O GATO E O PASSARINHO
O gato de nossa casa é um dos mais bonitos animais da espécie. Trata-se de um siamês de pêlo liso, comprido e brilhante, de cor marrom dourada, mesclada de preto no lombo e na ponta da cauda. Tem os olhos azuis tal qual uma loura sueca e bigodes de fios brancos acetinados. Um gato! Ele foi um presente de nossa vizinha, que nos entregou ainda novinho, com cerca de dois meses de vida. Ele cresceu logo. Um mimo. Mimo, este é o seu nome. É um gato dócil, apesar de não gostar muito de brincar com gente. Um de seus hábitos prediletos é deitar-se no nosso colo ou no chão, aos nossos pés, roçar nas nossas pernas e se deixar acariciar com massagens nas costas. Algumas pessoas dizem que ele é mestiço por apresentar o pêlo mais comprido do que o comum para o gênero. Talvez por causa dessa mistura é que ele parece ter desenvolvido a característica de caçador, fato que foi evidenciado logo que se tornou adulto. Foram inúmeras as vezes em que o flagramos, armando bote contra pardais que freqüentam as árvores frutíferas do nosso quintal. E muitas dessas investidas tiveram pleno sucesso, pois as penas restantes denunciavam o “crime”. Paralelamente, o nosso Mimo circulava pelas redondezas à caça de alimentos mais substanciosos - presumíamos - pelo fato de, freqüentemente, ficarem restos de ratos deixados nas cercanias da nossa casa. Essa prática, pela freqüência, tornou-se nociva para o animal assim como para todos de casa. Descobrimos que os resultados das caçadas de Mimo eram colhidos num canal de escoamento a céu aberto, próximo à nossa residência. Outros fatos que também tínhamos que aturar eram as constantes brigas com outros bichanos da vizinhança, talvez pela majestade do nosso bonito exemplar, que devia fazer imenso sucesso entre as gatinhas da área. Por esse motivo, durante alguns dias pensamos em doar o Mimo para amigos que morassem longe de tais fontes, mas logo descartamos essa possibilidade porque o nosso gatinho é realmente um “mimo”.
Quando conversávamos com as pessoas sobre essa atividade natural do gato, que desprezava a ração de carne ou peixe pelos pestilentos camundongos, muitos foram unânimes que o melhor remédio para corrigir esse costume era a castração pura e simples.
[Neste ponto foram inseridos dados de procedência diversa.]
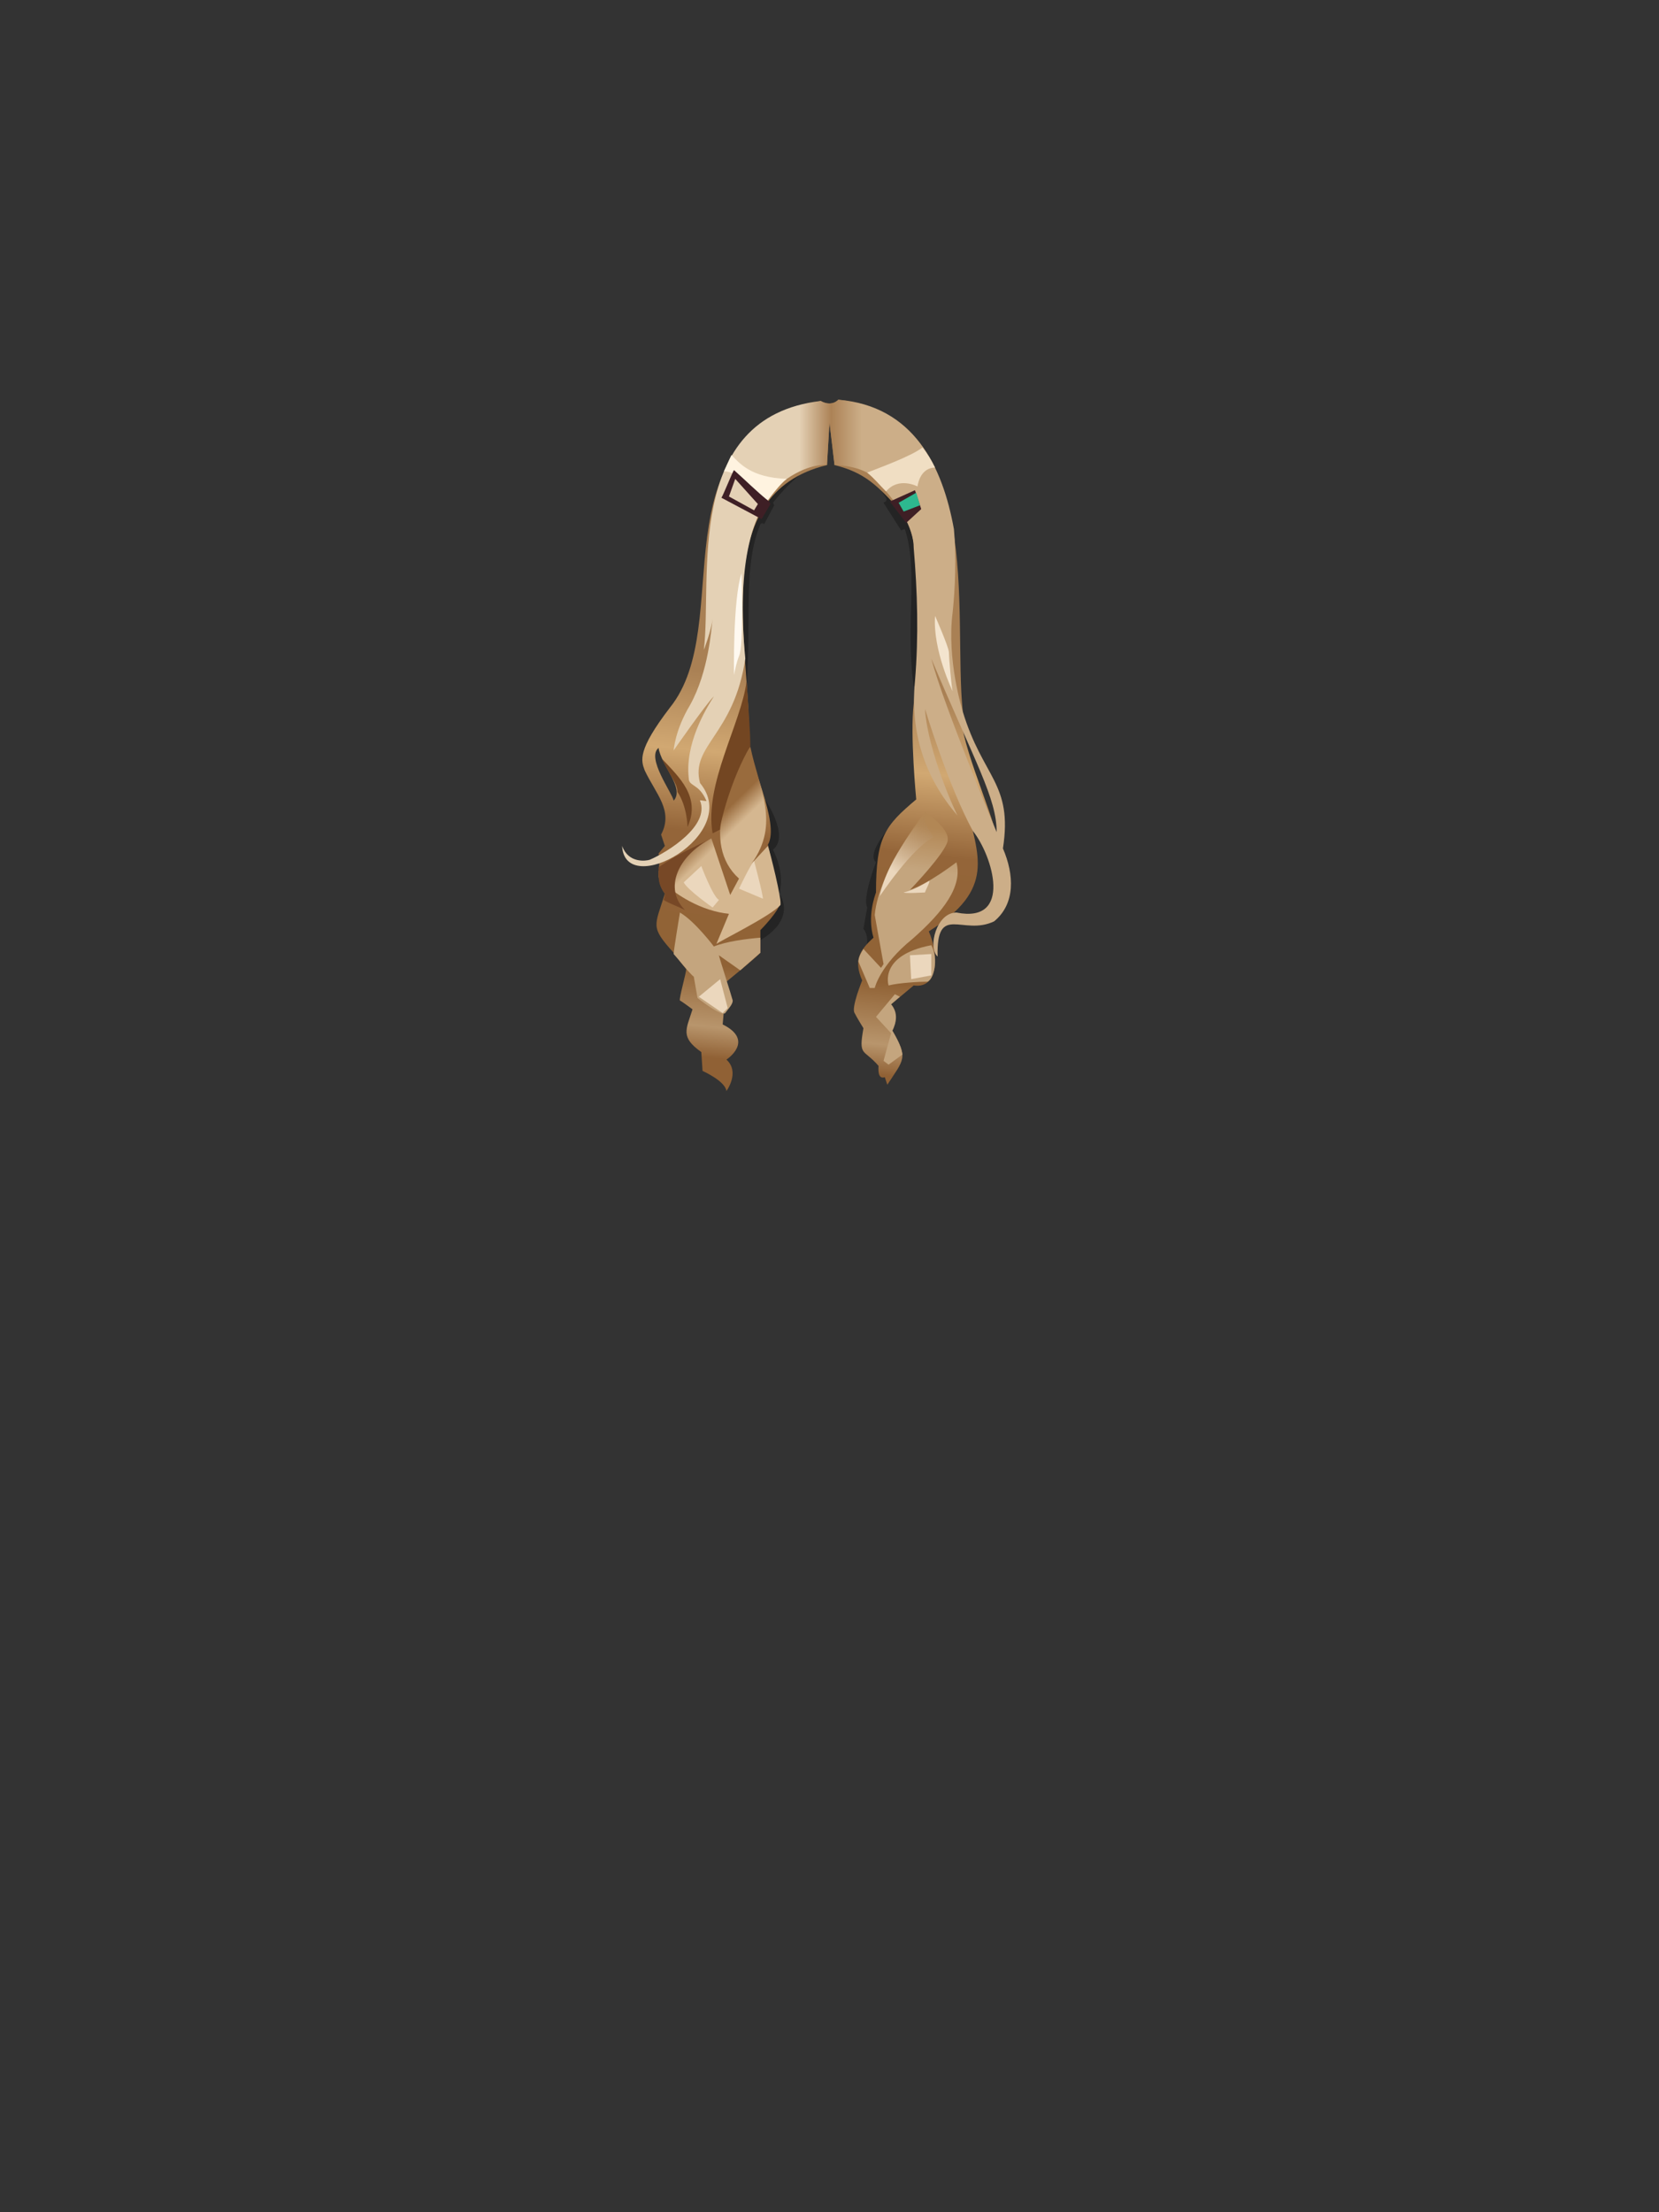 <?xml version="1.0" encoding="UTF-8"?><svg width="1320px" height="1760px" viewBox="0 0 1320 1760" version="1.1" xmlns="http://www.w3.org/2000/svg" xmlns:xlink="http://www.w3.org/1999/xlink"><rect x="0" y="0" width="1320" height="1760" fill="#333333" stroke="none"/><defs><linearGradient x1="56%" y1="41%" x2="53%" y2="97%" id="id-63138"><stop stop-color="#A98054" offset="0%"></stop><stop stop-color="#D1A872" offset="21%"></stop><stop stop-color="#946539" offset="42%"></stop><stop stop-color="#906235" offset="76%"></stop><stop stop-color="#B8956C" offset="92%"></stop><stop stop-color="#906135" offset="100%"></stop></linearGradient><linearGradient x1="50%" y1="35%" x2="56%" y2="45%" id="id-63139"><stop stop-color="#996B3D" offset="0%"></stop><stop stop-color="#D5B790" offset="100%"></stop></linearGradient><linearGradient x1="59%" y1="8%" x2="57%" y2="33%" id="id-63140"><stop stop-color="#B28755" offset="0%"></stop><stop stop-color="#C4A57E" offset="100%"></stop></linearGradient><linearGradient x1="45%" y1="13%" x2="61%" y2="13%" id="id-63141"><stop stop-color="#E4D1B5" offset="0%"></stop><stop stop-color="#AC8256" offset="51%"></stop><stop stop-color="#CCAE88" offset="100%"></stop></linearGradient><linearGradient x1="78%" y1="-11%" x2="40%" y2="76%" id="id-63142"><stop stop-color="#A0774B" offset="0%" stop-opacity="0"></stop><stop stop-color="#EBD7BD" offset="100%"></stop></linearGradient></defs><g transform=" translate(493,318)" id="id-63143"><g transform=" translate(96,60)" fill="#000000" id="id-63144"><path d=" M 138,168 C 131,118 142,77 131,43 C 131,43 130,43 128,44 L 114,22 C 116,21 117,20 116,18 C 113,14 111,10 107,7 C 166,-7 149,171 138,168 Z" opacity="0.299" id="id-63145"></path><path d=" M 47,0 C 41,5 34,12 26,22 L 27,24 L 19,39 C 18,38 17,38 16,39 C 2,73 9,113 5,169 C 1,185 -12,-2 47,0 Z" opacity="0.299" id="id-63145"></path><path d=" M 135,262 C 135,262 97,299 108,308 C 108,308 97,336 101,344 L 98,361 C 98,361 103,366 100,377 C 100,377 144,354 135,262 Z" opacity="0.303" id="id-63145"></path><path d=" M 19,257 C 19,257 40,287 26,298 C 26,298 36,316 31,333 C 31,333 46,352 16,370 C -13,388 4,273 19,257 Z" opacity="0.303" id="id-63145"></path></g><path d=" M 273,248 C 265,169 292,15 174,0 C 174,0 169,6 160,1 C 25,31 94,178 40,245 C 14,279 17,287 20,295 C 29,314 43,327 33,346 L 36,355 L 31,361 C 33,373 28,382 36,393 C 28,419 24,419 43,440 C 48,447 53,453 53,453 C 53,456 47,477 48,478 C 50,479 58,485 58,485 C 53,501 48,507 65,519 L 66,534 C 66,534 84,542 85,550 C 85,550 96,535 85,525 C 85,525 108,510 82,497 C 82,497 85,463 85,463 C 91,458 106,446 112,440 L 112,422 C 112,422 128,406 128,399 C 126,393 120,362 118,354 C 128,337 102,287 103,271 C 104,193 70,75 165,52 L 167,18 L 171,52 C 195,58 205,68 224,89 C 233,101 235,118 237,129 C 240,153 238,201 234,242 C 231,266 236,318 236,318 C 211,339 204,348 204,392 C 203,395 197,411 202,428 C 191,438 186,446 193,462 C 193,462 184,484 187,488 C 189,492 194,500 194,500 C 190,523 194,516 206,530 C 206,532 205,541 211,539 L 213,545 C 226,525 230,524 217,502 C 220,496 221,488 216,481 L 234,466 C 254,469 254,441 246,423 C 300,389 285,363 276,322 C 274,313 300,356 299,345 C 298,332 266,261 273,248 Z M 43,319 C 42,313 21,285 31,277 C 33,291 52,309 43,319 Z" fill="url(#id-63138)" id="id-63149" fill-rule="nonzero"></path><g transform=" translate(1,0)" id="id-63150"><path d=" M 127,402 C 119,411 78,431 76,433 L 86,409 C 65,407 42,394 30,380 C 30,378 30,377 30,375 C 35,369 63,354 72,349 L 87,394 L 94,381 C 63,353 87,302 103,276 C 110,310 127,337 104,369 L 117,355 C 119,361 128,397 127,402 Z" fill="url(#id-63139)" id="id-63145"></path><path d=" M 111,428 L 111,440 L 95,454 L 78,442 C 78,443 88,474 89,478 C 89,481 86,484 83,488 C 80,491 61,476 61,476 L 58,459 C 55,457 44,443 42,441 C 42,438 47,408 47,408 C 59,415 74,435 74,435 C 84,431 99,429 111,428 Z" fill="#C4A57E" id="id-63145"></path><path d=" M 224,521 L 213,529 L 209,526 L 215,504 L 203,491 L 218,473 L 222,475 L 215,481 C 221,488 219,496 216,502 C 216,502 223,513 224,521 Z" fill="#C4A57E" id="id-63145"></path><path d=" M 244,463 C 237,463 221,464 213,466 C 213,466 205,442 247,434 C 253,445 249,461 244,463 Z" fill="#C4A57E" id="id-63145"></path><path d=" M 232,429 C 206,450 202,468 202,468 L 198,468 L 189,447 C 189,444 191,440 193,437 L 207,452 L 209,449 L 202,410 C 205,375 242,328 242,328 C 242,328 262,341 260,351 C 258,361 230,390 230,390 C 245,385 267,368 267,368 C 272,387 257,407 232,429 Z" fill="url(#id-63140)" id="id-63145"></path><path d=" M 103,276 C 88,300 78,340 79,342 L 73,345 C 66,306 96,257 100,224 C 102,252 103,265 103,276 Z" fill="#734622" id="id-63145"></path><path d=" M 53,340 C 53,340 53,324 45,312 C 45,312 45,312 45,312 C 45,305 38,298 33,286 C 46,300 64,316 53,340 Z" fill="#734622" id="id-63145"></path><path d=" M 72,349 C 45,363 34,389 51,406 C 45,403 39,401 34,398 C 35,395 35,393 35,393 C 29,385 30,379 30,372 C 45,361 69,351 72,349 Z" fill="#774826" id="id-63145"></path><path d=" M 304,357 C 312,305 288,301 272,248 L 272,248 C 272,248 259,207 264,169 C 266,150 267,125 265,103 C 256,53 233,5 173,0 C 173,0 168,6 159,1 C 49,14 73,143 66,199 C 66,199 72,184 73,174 C 72,182 70,216 55,243 C 43,263 42,279 42,279 C 42,279 67,243 74,236 C 67,247 51,274 54,301 C 54,308 62,305 68,319 C 69,320 62,318 63,319 C 71,339 37,360 23,366 C 20,367 6,369 1,355 C 3,398 97,346 63,305 C 55,275 90,267 99,206 C 92,132 103,84 132,63 C 151,50 164,52 164,52 L 166,18 L 170,52 C 170,52 188,52 199,60 C 222,83 233,102 233,118 C 236,153 237,188 234,224 C 230,265 242,301 268,331 C 267,330 244,280 242,246 C 242,246 260,306 280,343 C 296,363 312,417 267,408 C 251,408 244,436 252,443 C 251,400 272,427 297,415 C 314,401 313,378 304,357 Z M 247,206 C 282,289 299,317 299,344 C 299,344 257,244 247,206 Z" fill="url(#id-63141)" id="id-63145" fill-rule="nonzero"></path></g><g transform=" translate(51,37)" id="id-63160"><path d=" M 64,47 C 60,38 45,20 32,20 C 34,16 36,11 38,7 C 44,13 53,25 82,26 C 78,29 72,36 64,47 Z" fill="#FFF3E0" id="id-63145"></path><path d=" M 200,17 C 195,17 188,20 186,32 C 186,32 171,24 161,36 C 155,30 152,26 146,21 C 156,17 181,8 190,1 C 194,6 197,11 200,17 Z" fill="#F0DEC3" id="id-63145"></path><path d=" M 200,135 C 200,135 211,160 211,164 C 211,167 213,192 214,195 C 214,195 198,162 200,135 Z" fill="#F3E4CE" id="id-63145"></path><path d=" M 40,182 C 40,182 39,122 46,101 C 46,101 48,159 44,167 C 42,172 41,177 40,182 Z" fill="#FFF9F0" id="id-63145"></path><path d=" M 14,334 C 14,334 23,358 28,361 L 23,367 C 23,367 3,353 0,347 L 14,334 Z" fill="#EBD7BD" id="id-63145"></path><path d=" M 44,352 C 44,352 53,333 56,330 C 56,330 63,356 63,360 L 44,352 Z" fill="#EBD7BD" id="id-63145"></path><polygon points="12 438 29 424 35 447 31 451" fill="#EBD7BD" id="id-63145"></polygon><polygon points="180 405 181 424 197 421 197 404" fill="#EBD7BD" id="id-63145"></polygon><path d=" M 175,355 C 176,356 192,355 192,355 C 192,354 197,345 195,346 C 193,347 184,353 175,355 Z" fill="#EBD7BD" id="id-63145"></path><path d=" M 156,358 C 156,358 182,319 199,311 C 199,311 189,298 192,293 C 192,293 162,327 156,358 Z" fill="url(#id-63142)" id="id-63145"></path></g><g transform=" translate(81,56)" id="id-63171"><polygon points="134 25 154 16 159 31 147 42" fill="#3E1F25" id="id-63145"></polygon><polygon points="155 18 141 26 145 33 158 28" fill="#2DB88F" id="id-63145"></polygon><path d=" M 38,25 C 29,18 18,7 10,0 C 9,1 1,21 0,22 L 32,39 L 39,27 L 38,25 Z M 26,32 L 6,21 L 11,7 L 29,27 L 26,32 Z" fill="#3E1F25" id="id-63174" fill-rule="nonzero"></path></g></g></svg>

A primeira vez que ouvi tal recomendação, o Mimo estava deitado junto aos meus pés. E, assim como ele, que me fitou com o cenho cerrado, talvez já sentindo a lancinante dor - não só da incisão, mas da perda irrecuperável - também senti um frio cortante no baixo ventre, como se tal decisão também me atingisse. Acho que Mimo estava entendendo tudo o que se estava decidindo a seu respeito. Não sei se era só nossa impressão, pela violência que tal prática impinge, mas notei que durante o período em que conjeturávamos sobre a castração do bichano, este passou a ficar mais em casa, reduzindo as suas investidas aos ratos. Talvez fosse só impressão.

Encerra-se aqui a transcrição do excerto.